GNX_CLI_COM_DEMO.mov
- 🧠 Hybrid Intelligence: Fast orchestrator LLM (Llama 4, Gemini, or GLM) plus specialized VLM (Qwen3-VL) for sight.
- 👁️ Autonomous Vision Agent: Sub-agent loop that can see screens, reason about UI, and act (click, swipe, type).
- 🔌 MCP Support: Works with the Model Context Protocol (GitHub, Filesystem, Memory servers).
- 📱 Mobile Automation: Deep ADB integration for taps, swipes, and text input.
- 💻 Desktop Automation: Mouse/keyboard control via PyAutoGUI with visual feedback loops.
- 📁 Modular Tooling: Atomic tools for file ops, web search, system control, and UI automation.
graph TD;
User[User Input] --> Engine[GNX Engine];
Engine -->|Selects Tool| Router{Tool Router};
subgraph "Standard Tools"
Router -->|File Ops| Files[FileSystem / Search];
Router -->|Web| Web[DuckDuckGo / Jina];
Router -->|MCP| MCP[MCP Servers];
end
subgraph "Automation & Vision"
Router -->|Simple| Atomic[Atomic Actions];
Atomic --> Desktop[Desktop Control];
Atomic --> Mobile[Mobile/ADB];
Router -->|Complex UI Tasks| Handoff[activate_vision_agent];
Handoff --> VisionLoop((Vision Agent Loop));
end
Files --> Output[Result];
Web --> Output;
MCP --> Output;
Desktop --> Output;
Mobile --> Output;
VisionLoop --> Output;
Output --> Engine;
Engine --> User;
When activate_vision_agent is called, the system switches to a VLM-driven feedback loop:
graph TD;
Start([Task Received]) --> Capture[Capture High-Res Screenshot];
Capture --> VLM[Qwen3-VL Analysis];
VLM -->|Reasoning + JSON| Decision{Decision};
Decision -->|Action| Executor[Execute Action];
Executor -->|Wait for UI| Capture;
Decision -->|Terminate| Success([Task Complete]);
Decision -->|Error| Fail([Report Failure]);
- Python 3.10+
- Windows
- For mobile: ADB (Android Debug Bridge) and a connected Android device
git clone https://github.com/Gokulbarath/GNX-CLI.git
cd "GNX CLI"
python -m venv .venv
.venv\Scripts\activate
pip install -r requirements.txt
# Configure environment
copy .env.example .env Start the CLI:
python main.py- General reasoning & files
- "List all python files in src/tools and tell me what they do."
- Web search
- "Search for the latest features in Python 3.13."
- Vision Agent (mobile)
- Ensure your Android device is connected via ADB.
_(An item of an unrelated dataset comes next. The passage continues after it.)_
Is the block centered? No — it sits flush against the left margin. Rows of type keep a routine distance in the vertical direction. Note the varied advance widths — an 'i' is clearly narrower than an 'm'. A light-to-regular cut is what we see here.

- "Open Settings, find 'Display', and turn on Dark Mode." (Agent navigates, scrolls, and taps based on visual cues.)
- Vision Agent (desktop)
- "Open Calculator, calculate 55 * 12, and tell me the result."
GNX CLI/
├── main.py # Entry point
├── requirements.txt # Dependencies
├── README.md # This file
├── imgs/ # Assets (demo, architecture, LAMx)
├── src/
│ ├── agents/
│ │ └── vision/ # Vision agent loop & prompts
│ ├── gnx_engine/ # Orchestrator, adapters, prompts
│ ├── mcp/ # Model Context Protocol client
│ ├── tools/
│ │ ├── desktop/ # Mouse/keyboard/screenshot
│ │ ├── mobile/ # ADB/touch/system
│ │ ├── handoff/ # Sub-agent triggers
│ │ ├── file_ops.py # File operations
│ │ ├── filesystem.py # Directory listing
│ │ ├── system.py # System utilities
│ │ ├── search.py # File search
│ │ ├── todos.py # TODO management
│ │ ├── web_search.py # Web search
│ │ └── ui_automation.py # UI automation helpers
│ ├── ui/ # Display utilities
│ ├── utils/ # Logging, token counting
│ └── vision_client/ # VLM API client and types
└── .env.example # Environment template
# GNX CLI Environment Variables
# Groq API Key (primary orchestrator)
GROQ_API_KEY=your_groq_api_key_here
# Google Gemini API Key (fallback/alternative)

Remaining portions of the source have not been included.